Livret A : la Cour des comptes abonde dans le sens de La Banque Postale

L’institution juge que la gestion du produit est déficitaire et que la filiale de La Poste n’en retire pas d’avantage commercial «sensible»
Alexandre Garabedian

Jean-Paul Bailly et Patrick Werner, les patrons respectifs de La Poste et de La Banque Postale, ont trouvé un renfort à l’heure où le gouvernement étudie les conditions de la banalisation du Livret A : la Cour des comptes. L’institution vient de boucler le rapport dressant le bilan des deux premières années d’existence de la banque.
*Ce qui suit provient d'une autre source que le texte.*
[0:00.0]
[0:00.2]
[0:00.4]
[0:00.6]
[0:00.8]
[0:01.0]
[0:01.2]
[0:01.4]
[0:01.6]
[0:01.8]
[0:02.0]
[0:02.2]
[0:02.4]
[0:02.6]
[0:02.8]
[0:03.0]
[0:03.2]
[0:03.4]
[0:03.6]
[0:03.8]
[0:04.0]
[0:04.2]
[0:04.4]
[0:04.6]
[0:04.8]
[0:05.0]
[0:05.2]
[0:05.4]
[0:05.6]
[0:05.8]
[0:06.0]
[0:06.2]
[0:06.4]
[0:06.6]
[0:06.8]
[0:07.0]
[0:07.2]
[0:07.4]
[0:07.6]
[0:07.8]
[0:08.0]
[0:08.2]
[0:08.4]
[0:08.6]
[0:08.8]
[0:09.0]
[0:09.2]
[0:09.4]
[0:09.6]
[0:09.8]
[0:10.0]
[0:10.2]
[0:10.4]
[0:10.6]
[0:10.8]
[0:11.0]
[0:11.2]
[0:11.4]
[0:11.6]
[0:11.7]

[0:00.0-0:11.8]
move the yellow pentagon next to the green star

Un rapport programmé par la loi qui a créé La Banque Postale le 1er janvier 2006. Il s’agissait alors de vérifier, après deux ans, si le jeune établissement faussait la concurrence et s’il convenait d’élargir sa gamme. Depuis, La Banque Postale a reçu le feu vert des pouvoirs publics pour distribuer du crédit à la consommation et a vu affluer les offres de services de ses concurrents.

Dans la partie du rapport qui traite du Livret A, et que l’Agefi a pu lire, les conclusions de la Cour des comptes reprennent les arguments de l’établissement. En 2006, malgré 654 millions d’euros de revenus encaissés pour la gestion du Livret A, cette dernière « accuse un léger déficit ». Et seuls 28 % des livrets présentent un encours supérieur au seuil de rentabilité défini par La Poste, soit 800 euros. Il est dès lors facile de déduire ce que coûterait au groupe la gestion du Livret A si sa commission de collecte était ramenée de 1,3 % à 0,4 %. Avec 46,6 milliards d’encours à fin 2006, La Banque Postale perdrait plus de 420 millions d’euros par an sur ce produit.
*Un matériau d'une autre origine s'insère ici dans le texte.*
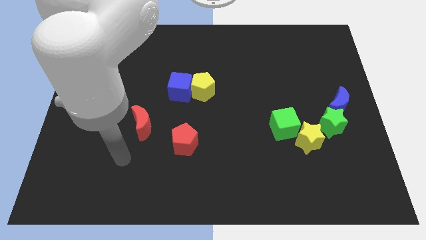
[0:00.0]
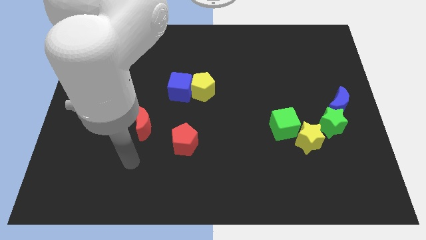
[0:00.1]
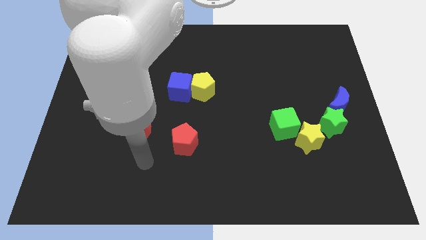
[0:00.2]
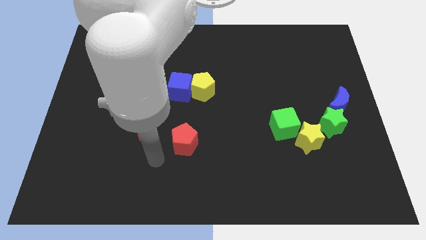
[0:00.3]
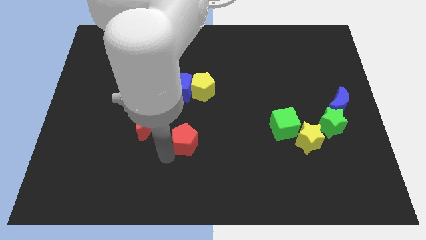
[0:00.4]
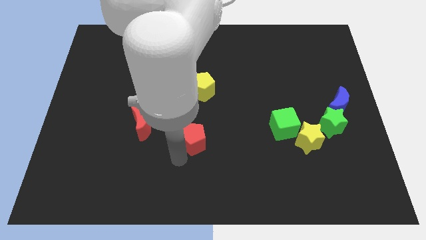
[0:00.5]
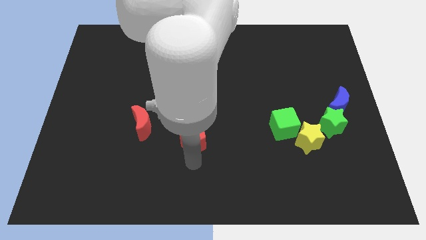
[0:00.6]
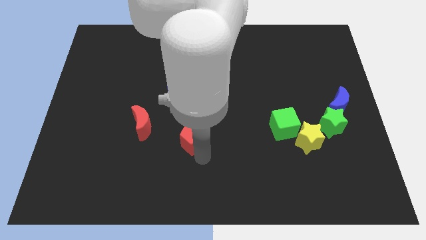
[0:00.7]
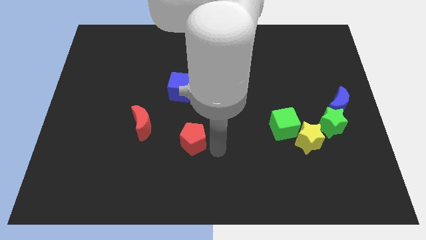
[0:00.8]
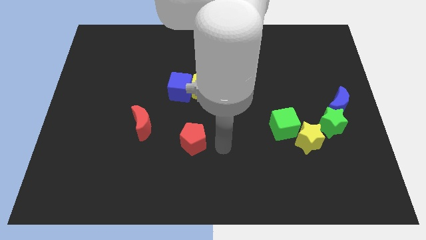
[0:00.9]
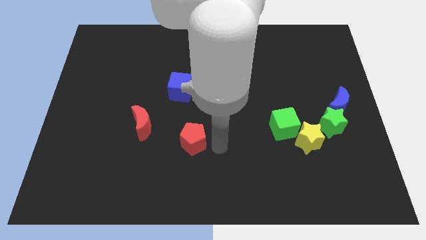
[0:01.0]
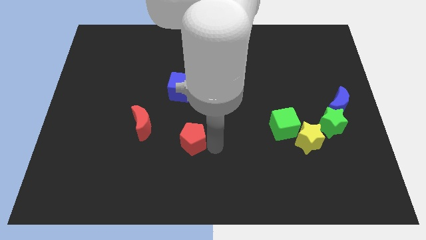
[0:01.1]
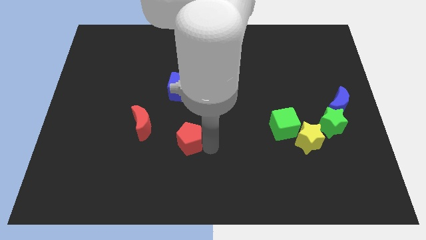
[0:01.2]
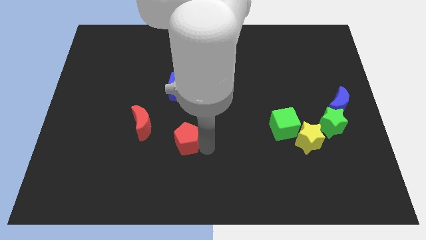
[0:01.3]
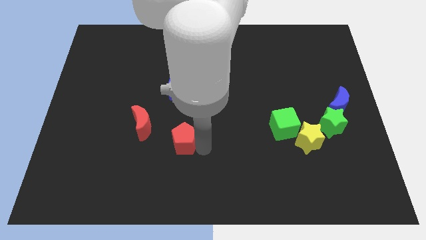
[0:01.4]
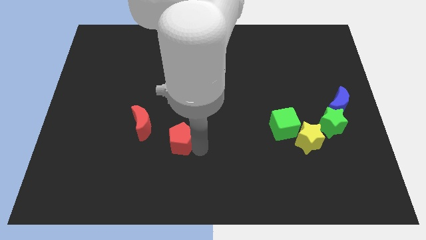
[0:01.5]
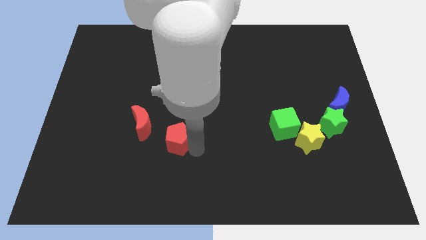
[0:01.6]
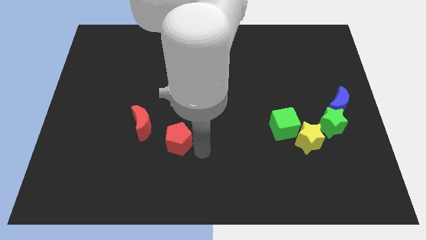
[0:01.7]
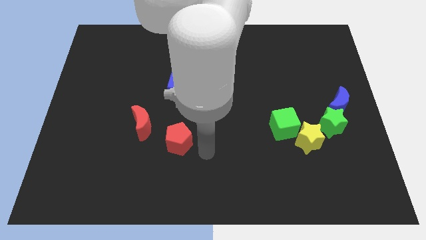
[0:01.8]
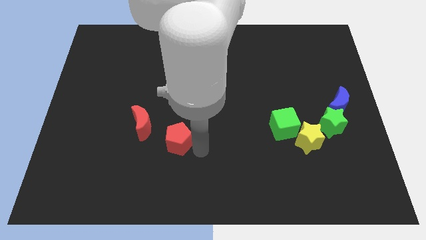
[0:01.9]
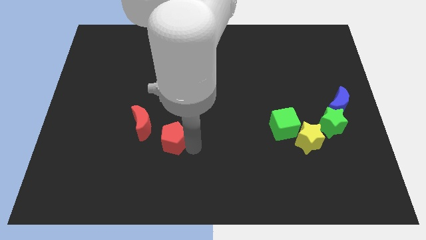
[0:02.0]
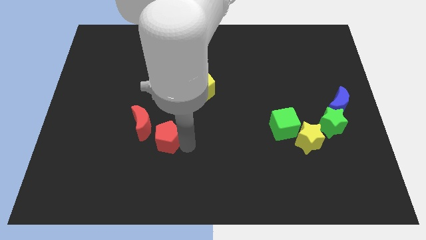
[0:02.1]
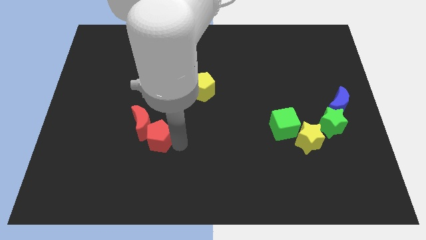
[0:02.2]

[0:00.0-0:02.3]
push the red pentagon towards the red moon

La Cour des Comptes met notamment en avant le coût de la mission d’accessibilité bancaire qu’assume l’établissement. Elle « représente environ 80 % des coûts pour des livrets dont l’encours ne représente que 8 % du total ». A l’inverse, l’institution émet des doutes quant à l’utilité du Livret A comme produit d’appel. « Cet argument n’est que partiellement exact, indique le rapport. Seul le quart des livrets gérés est détenu par des clients habituels de la banque. » Ainsi, « il ne semble pas qu’elle en retire un avantage sensible au regard des charges d’exploitation qu’elle supporte ».
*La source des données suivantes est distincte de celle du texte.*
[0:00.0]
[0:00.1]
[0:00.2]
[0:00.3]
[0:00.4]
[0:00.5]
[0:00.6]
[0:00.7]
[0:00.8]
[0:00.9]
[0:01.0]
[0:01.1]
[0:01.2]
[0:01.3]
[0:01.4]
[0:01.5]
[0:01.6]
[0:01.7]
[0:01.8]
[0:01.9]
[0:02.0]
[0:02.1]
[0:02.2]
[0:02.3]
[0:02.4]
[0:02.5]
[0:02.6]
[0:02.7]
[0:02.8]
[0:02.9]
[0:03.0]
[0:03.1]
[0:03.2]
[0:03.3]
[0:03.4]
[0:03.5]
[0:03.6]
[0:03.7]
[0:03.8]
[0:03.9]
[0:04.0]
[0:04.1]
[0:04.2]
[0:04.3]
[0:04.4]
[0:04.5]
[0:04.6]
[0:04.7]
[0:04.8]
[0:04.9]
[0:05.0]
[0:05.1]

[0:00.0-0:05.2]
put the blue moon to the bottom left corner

L’analyse rejoint la volonté d’assurer à La Banque Postale une transition en douceur vers la banalisation. La ministre de l’Economie Christine Lagarde a ainsi proposé de créer un Livret d’accessibilité bancaire réservé à la banque publique, moyennant une rémunération spécifique.

« La gestion de la mission liée au Livret A fera l’objet d’une enquête particulière », promet par ailleurs la Cour des comptes.